The new rule bans certain AI applications that have unacceptably high levels of risk and threaten the rights of the citizen including biometric categorization systems that are used to detect identification of a person or sexual orientation. Emotion recognition in the workplace and schools, predictive policing, and artificial intelligence that manipulates human behavior or exploits people's vulnerabilities would also be banned. AI systems that involve high-risk applications used for the hiring process or law enforcement will be more strictly regulated with developers expected to demonstrate that their models are safe, transparent, and comply with privacy standards.

There will be little to no regulation on lower-risk AI tools but still, developers will be required to label AI-generated deepfake images, video, or audio of existing persons, places, or events as artificially modified. The law applies to models operating in the EU, and any organization that violates the rules will need to give a fine of up to 7% of its annual global earnings.

Enforcing the law, each country of the EU will set up its own AI watchdog and the citizens will have a right to submit complaints about AI tools in case their rights get violated. Brussels will set up a stand-alone AI office that will enforce and supervise the law for the general-purpose AI systems. There will

The biggest and most powerful AI models that the EU considers to pose "systemic risks," such as OpenAI's GPT4 and Google's Gemini, will be scrutinized. Companies that provide these systems must assess and mitigate risks, implement cybersecurity measures, report any severe incidents resulting from their systems, and disclose how much energy their models use. All general-purpose AI systems must develop a policy that ensures the content used to train their models complies with European copyright law.

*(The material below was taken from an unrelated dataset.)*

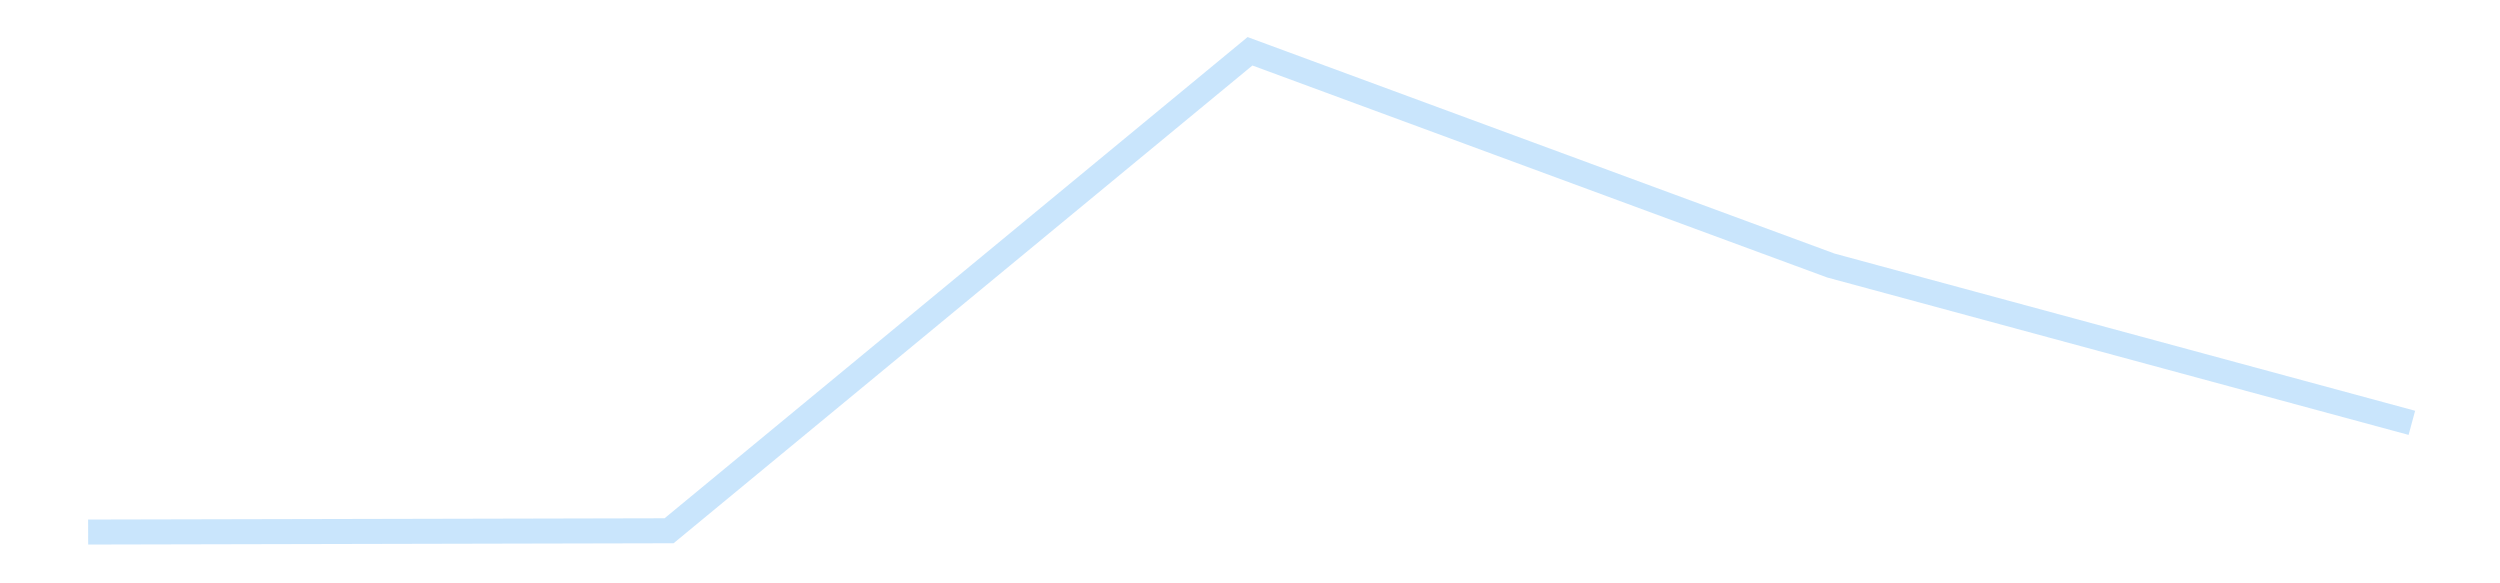 <?xml version='1.0' encoding='utf-8'?>
<svg xmlns="http://www.w3.org/2000/svg" xmlns:xlink="http://www.w3.org/1999/xlink" id="chart-ec4fcf18-dd82-4288-a451-30975f2f88ff" class="pygal-chart pygal-sparkline" viewBox="0 0 300 70" width="300" height="70"><!--Generated with pygal 3.0.4 (lxml) ©Kozea 2012-2016 on 2025-11-03--><!--http://pygal.org--><!--http://github.com/Kozea/pygal--><defs><style type="text/css">#chart-ec4fcf18-dd82-4288-a451-30975f2f88ff{-webkit-user-select:none;-webkit-font-smoothing:antialiased;font-family:Consolas,"Liberation Mono",Menlo,Courier,monospace}#chart-ec4fcf18-dd82-4288-a451-30975f2f88ff .title{font-family:Consolas,"Liberation Mono",Menlo,Courier,monospace;font-size:16px}#chart-ec4fcf18-dd82-4288-a451-30975f2f88ff .legends .legend text{font-family:Consolas,"Liberation Mono",Menlo,Courier,monospace;font-size:14px}#chart-ec4fcf18-dd82-4288-a451-30975f2f88ff .axis text{font-family:Consolas,"Liberation Mono",Menlo,Courier,monospace;font-size:10px}#chart-ec4fcf18-dd82-4288-a451-30975f2f88ff .axis text.major{font-family:Consolas,"Liberation Mono",Menlo,Courier,monospace;font-size:10px}#chart-ec4fcf18-dd82-4288-a451-30975f2f88ff .text-overlay text.value{font-family:Consolas,"Liberation Mono",Menlo,Courier,monospace;font-size:16px}#chart-ec4fcf18-dd82-4288-a451-30975f2f88ff .text-overlay text.label{font-family:Consolas,"Liberation Mono",Menlo,Courier,monospace;font-size:10px}#chart-ec4fcf18-dd82-4288-a451-30975f2f88ff .tooltip{font-family:Consolas,"Liberation Mono",Menlo,Courier,monospace;font-size:14px}#chart-ec4fcf18-dd82-4288-a451-30975f2f88ff text.no_data{font-family:Consolas,"Liberation Mono",Menlo,Courier,monospace;font-size:64px}
#chart-ec4fcf18-dd82-4288-a451-30975f2f88ff{background-color:transparent}#chart-ec4fcf18-dd82-4288-a451-30975f2f88ff path,#chart-ec4fcf18-dd82-4288-a451-30975f2f88ff line,#chart-ec4fcf18-dd82-4288-a451-30975f2f88ff rect,#chart-ec4fcf18-dd82-4288-a451-30975f2f88ff circle{-webkit-transition:150ms;-moz-transition:150ms;transition:150ms}#chart-ec4fcf18-dd82-4288-a451-30975f2f88ff .graph &gt; .background{fill:transparent}#chart-ec4fcf18-dd82-4288-a451-30975f2f88ff .plot &gt; .background{fill:transparent}#chart-ec4fcf18-dd82-4288-a451-30975f2f88ff .graph{fill:rgba(0,0,0,.87)}#chart-ec4fcf18-dd82-4288-a451-30975f2f88ff text.no_data{fill:rgba(0,0,0,1)}#chart-ec4fcf18-dd82-4288-a451-30975f2f88ff .title{fill:rgba(0,0,0,1)}#chart-ec4fcf18-dd82-4288-a451-30975f2f88ff .legends .legend text{fill:rgba(0,0,0,.87)}#chart-ec4fcf18-dd82-4288-a451-30975f2f88ff .legends .legend:hover text{fill:rgba(0,0,0,1)}#chart-ec4fcf18-dd82-4288-a451-30975f2f88ff .axis .line{stroke:rgba(0,0,0,1)}#chart-ec4fcf18-dd82-4288-a451-30975f2f88ff .axis .guide.line{stroke:rgba(0,0,0,.54)}#chart-ec4fcf18-dd82-4288-a451-30975f2f88ff .axis .major.line{stroke:rgba(0,0,0,.87)}#chart-ec4fcf18-dd82-4288-a451-30975f2f88ff .axis text.major{fill:rgba(0,0,0,1)}#chart-ec4fcf18-dd82-4288-a451-30975f2f88ff .axis.y .guides:hover .guide.line,#chart-ec4fcf18-dd82-4288-a451-30975f2f88ff .line-graph .axis.x .guides:hover .guide.line,#chart-ec4fcf18-dd82-4288-a451-30975f2f88ff .stackedline-graph .axis.x .guides:hover .guide.line,#chart-ec4fcf18-dd82-4288-a451-30975f2f88ff .xy-graph .axis.x .guides:hover .guide.line{stroke:rgba(0,0,0,1)}#chart-ec4fcf18-dd82-4288-a451-30975f2f88ff .axis .guides:hover text{fill:rgba(0,0,0,1)}#chart-ec4fcf18-dd82-4288-a451-30975f2f88ff .reactive{fill-opacity:.7;stroke-opacity:.8;stroke-width:3}#chart-ec4fcf18-dd82-4288-a451-30975f2f88ff .ci{stroke:rgba(0,0,0,.87)}#chart-ec4fcf18-dd82-4288-a451-30975f2f88ff .reactive.active,#chart-ec4fcf18-dd82-4288-a451-30975f2f88ff .active .reactive{fill-opacity:.8;stroke-opacity:.9;stroke-width:4}#chart-ec4fcf18-dd82-4288-a451-30975f2f88ff .ci .reactive.active{stroke-width:1.5}#chart-ec4fcf18-dd82-4288-a451-30975f2f88ff .series text{fill:rgba(0,0,0,1)}#chart-ec4fcf18-dd82-4288-a451-30975f2f88ff .tooltip rect{fill:transparent;stroke:rgba(0,0,0,1);-webkit-transition:opacity 150ms;-moz-transition:opacity 150ms;transition:opacity 150ms}#chart-ec4fcf18-dd82-4288-a451-30975f2f88ff .tooltip .label{fill:rgba(0,0,0,.87)}#chart-ec4fcf18-dd82-4288-a451-30975f2f88ff .tooltip .label{fill:rgba(0,0,0,.87)}#chart-ec4fcf18-dd82-4288-a451-30975f2f88ff .tooltip .legend{font-size:.8em;fill:rgba(0,0,0,.54)}#chart-ec4fcf18-dd82-4288-a451-30975f2f88ff .tooltip .x_label{font-size:.6em;fill:rgba(0,0,0,1)}#chart-ec4fcf18-dd82-4288-a451-30975f2f88ff .tooltip .xlink{font-size:.5em;text-decoration:underline}#chart-ec4fcf18-dd82-4288-a451-30975f2f88ff .tooltip .value{font-size:1.5em}#chart-ec4fcf18-dd82-4288-a451-30975f2f88ff .bound{font-size:.5em}#chart-ec4fcf18-dd82-4288-a451-30975f2f88ff .max-value{font-size:.75em;fill:rgba(0,0,0,.54)}#chart-ec4fcf18-dd82-4288-a451-30975f2f88ff .map-element{fill:transparent;stroke:rgba(0,0,0,.54) !important}#chart-ec4fcf18-dd82-4288-a451-30975f2f88ff .map-element .reactive{fill-opacity:inherit;stroke-opacity:inherit}#chart-ec4fcf18-dd82-4288-a451-30975f2f88ff .color-0,#chart-ec4fcf18-dd82-4288-a451-30975f2f88ff .color-0 a:visited{stroke:#bbdefb;fill:#bbdefb}#chart-ec4fcf18-dd82-4288-a451-30975f2f88ff .text-overlay .color-0 text{fill:black}
#chart-ec4fcf18-dd82-4288-a451-30975f2f88ff text.no_data{text-anchor:middle}#chart-ec4fcf18-dd82-4288-a451-30975f2f88ff .guide.line{fill:none}#chart-ec4fcf18-dd82-4288-a451-30975f2f88ff .centered{text-anchor:middle}#chart-ec4fcf18-dd82-4288-a451-30975f2f88ff .title{text-anchor:middle}#chart-ec4fcf18-dd82-4288-a451-30975f2f88ff .legends .legend text{fill-opacity:1}#chart-ec4fcf18-dd82-4288-a451-30975f2f88ff .axis.x text{text-anchor:middle}#chart-ec4fcf18-dd82-4288-a451-30975f2f88ff .axis.x:not(.web) text[transform]{text-anchor:start}#chart-ec4fcf18-dd82-4288-a451-30975f2f88ff .axis.x:not(.web) text[transform].backwards{text-anchor:end}#chart-ec4fcf18-dd82-4288-a451-30975f2f88ff .axis.y text{text-anchor:end}#chart-ec4fcf18-dd82-4288-a451-30975f2f88ff .axis.y text[transform].backwards{text-anchor:start}#chart-ec4fcf18-dd82-4288-a451-30975f2f88ff .axis.y2 text{text-anchor:start}#chart-ec4fcf18-dd82-4288-a451-30975f2f88ff .axis.y2 text[transform].backwards{text-anchor:end}#chart-ec4fcf18-dd82-4288-a451-30975f2f88ff .axis .guide.line{stroke-dasharray:4,4;stroke:black}#chart-ec4fcf18-dd82-4288-a451-30975f2f88ff .axis .major.guide.line{stroke-dasharray:6,6;stroke:black}#chart-ec4fcf18-dd82-4288-a451-30975f2f88ff .horizontal .axis.y .guide.line,#chart-ec4fcf18-dd82-4288-a451-30975f2f88ff .horizontal .axis.y2 .guide.line,#chart-ec4fcf18-dd82-4288-a451-30975f2f88ff .vertical .axis.x .guide.line{opacity:0}#chart-ec4fcf18-dd82-4288-a451-30975f2f88ff .horizontal .axis.always_show .guide.line,#chart-ec4fcf18-dd82-4288-a451-30975f2f88ff .vertical .axis.always_show .guide.line{opacity:1 !important}#chart-ec4fcf18-dd82-4288-a451-30975f2f88ff .axis.y .guides:hover .guide.line,#chart-ec4fcf18-dd82-4288-a451-30975f2f88ff .axis.y2 .guides:hover .guide.line,#chart-ec4fcf18-dd82-4288-a451-30975f2f88ff .axis.x .guides:hover .guide.line{opacity:1}#chart-ec4fcf18-dd82-4288-a451-30975f2f88ff .axis .guides:hover text{opacity:1}#chart-ec4fcf18-dd82-4288-a451-30975f2f88ff .nofill{fill:none}#chart-ec4fcf18-dd82-4288-a451-30975f2f88ff .subtle-fill{fill-opacity:.2}#chart-ec4fcf18-dd82-4288-a451-30975f2f88ff .dot{stroke-width:1px;fill-opacity:1;stroke-opacity:1}#chart-ec4fcf18-dd82-4288-a451-30975f2f88ff .dot.active{stroke-width:5px}#chart-ec4fcf18-dd82-4288-a451-30975f2f88ff .dot.negative{fill:transparent}#chart-ec4fcf18-dd82-4288-a451-30975f2f88ff text,#chart-ec4fcf18-dd82-4288-a451-30975f2f88ff tspan{stroke:none !important}#chart-ec4fcf18-dd82-4288-a451-30975f2f88ff .series text.active{opacity:1}#chart-ec4fcf18-dd82-4288-a451-30975f2f88ff .tooltip rect{fill-opacity:.95;stroke-width:.5}#chart-ec4fcf18-dd82-4288-a451-30975f2f88ff .tooltip text{fill-opacity:1}#chart-ec4fcf18-dd82-4288-a451-30975f2f88ff .showable{visibility:hidden}#chart-ec4fcf18-dd82-4288-a451-30975f2f88ff .showable.shown{visibility:visible}#chart-ec4fcf18-dd82-4288-a451-30975f2f88ff .gauge-background{fill:rgba(229,229,229,1);stroke:none}#chart-ec4fcf18-dd82-4288-a451-30975f2f88ff .bg-lines{stroke:transparent;stroke-width:2px}</style><script type="text/javascript">window.pygal = window.pygal || {};window.pygal.config = window.pygal.config || {};window.pygal.config['ec4fcf18-dd82-4288-a451-30975f2f88ff'] = {"allow_interruptions": false, "box_mode": "extremes", "classes": ["pygal-chart", "pygal-sparkline"], "css": ["file://style.css", "file://graph.css"], "defs": [], "disable_xml_declaration": false, "dots_size": 2.5, "dynamic_print_values": false, "explicit_size": true, "fill": false, "force_uri_protocol": "https", "formatter": null, "half_pie": false, "height": 70, "include_x_axis": false, "inner_radius": 0, "interpolate": null, "interpolation_parameters": {}, "interpolation_precision": 250, "inverse_y_axis": false, "js": [], "legend_at_bottom": false, "legend_at_bottom_columns": null, "legend_box_size": 12, "logarithmic": false, "margin": 5, "margin_bottom": null, "margin_left": null, "margin_right": null, "margin_top": null, "max_scale": 2, "min_scale": 1, "missing_value_fill_truncation": "x", "no_data_text": "", "no_prefix": false, "order_min": null, "pretty_print": false, "print_labels": false, "print_values": false, "print_values_position": "center", "print_zeroes": true, "range": null, "rounded_bars": null, "secondary_range": null, "show_dots": false, "show_legend": false, "show_minor_x_labels": true, "show_minor_y_labels": true, "show_only_major_dots": false, "show_x_guides": false, "show_x_labels": false, "show_y_guides": true, "show_y_labels": false, "spacing": 0, "stack_from_top": false, "strict": false, "stroke": true, "stroke_style": null, "style": {"background": "transparent", "ci_colors": [], "colors": ["#bbdefb"], "dot_opacity": "1", "font_family": "Consolas, \"Liberation Mono\", Menlo, Courier, monospace", "foreground": "rgba(0, 0, 0, .87)", "foreground_strong": "rgba(0, 0, 0, 1)", "foreground_subtle": "rgba(0, 0, 0, .54)", "guide_stroke_color": "black", "guide_stroke_dasharray": "4,4", "label_font_family": "Consolas, \"Liberation Mono\", Menlo, Courier, monospace", "label_font_size": 10, "legend_font_family": "Consolas, \"Liberation Mono\", Menlo, Courier, monospace", "legend_font_size": 14, "major_guide_stroke_color": "black", "major_guide_stroke_dasharray": "6,6", "major_label_font_family": "Consolas, \"Liberation Mono\", Menlo, Courier, monospace", "major_label_font_size": 10, "no_data_font_family": "Consolas, \"Liberation Mono\", Menlo, Courier, monospace", "no_data_font_size": 64, "opacity": ".7", "opacity_hover": ".8", "plot_background": "transparent", "stroke_opacity": ".8", "stroke_opacity_hover": ".9", "stroke_width": 3, "stroke_width_hover": "4", "title_font_family": "Consolas, \"Liberation Mono\", Menlo, Courier, monospace", "title_font_size": 16, "tooltip_font_family": "Consolas, \"Liberation Mono\", Menlo, Courier, monospace", "tooltip_font_size": 14, "transition": "150ms", "value_background": "rgba(229, 229, 229, 1)", "value_colors": [], "value_font_family": "Consolas, \"Liberation Mono\", Menlo, Courier, monospace", "value_font_size": 16, "value_label_font_family": "Consolas, \"Liberation Mono\", Menlo, Courier, monospace", "value_label_font_size": 10}, "title": null, "tooltip_border_radius": 0, "tooltip_fancy_mode": true, "truncate_label": null, "truncate_legend": null, "width": 300, "x_label_rotation": 0, "x_labels": null, "x_labels_major": null, "x_labels_major_count": null, "x_labels_major_every": null, "x_title": null, "xrange": null, "y_label_rotation": 0, "y_labels": null, "y_labels_major": null, "y_labels_major_count": null, "y_labels_major_every": null, "y_title": null, "zero": 0, "legends": [""]}</script></defs><title>Pygal</title><g class="graph line-graph vertical"><rect x="0" y="0" width="300" height="70" class="background"/><g transform="translate(5, 5)" class="plot"><rect x="0" y="0" width="290" height="60" class="background"/><g class="series serie-0 color-0"><path d="M5.577 58.846 L75.288 58.692 145 1.154 214.712 26.866 284.423 45.74" class="line reactive nofill"/></g></g><g class="titles"/><g transform="translate(5, 5)" class="plot overlay"><g class="series serie-0 color-0"/></g><g transform="translate(5, 5)" class="plot text-overlay"><g class="series serie-0 color-0"/></g><g transform="translate(5, 5)" class="plot tooltip-overlay"><g transform="translate(0 0)" style="opacity: 0" class="tooltip"><rect rx="0" ry="0" width="0" height="0" class="tooltip-box"/><g class="text"/></g></g></g></svg>

Regulatory sandboxes and real-world testing will have to be established at the national level and made accessible to small and medium-sized enterprises and start-ups to develop and train innovative AI before it is launched in the market.

Previously, the Digital Services Act, which targeted social media abuse, and the Digital Markets Act, which went into effect on March 7. The Digital Market Act aims to combat market dominance by so-called digital "gatekeepers," and the EU's AI act goal is to be the global default legislation.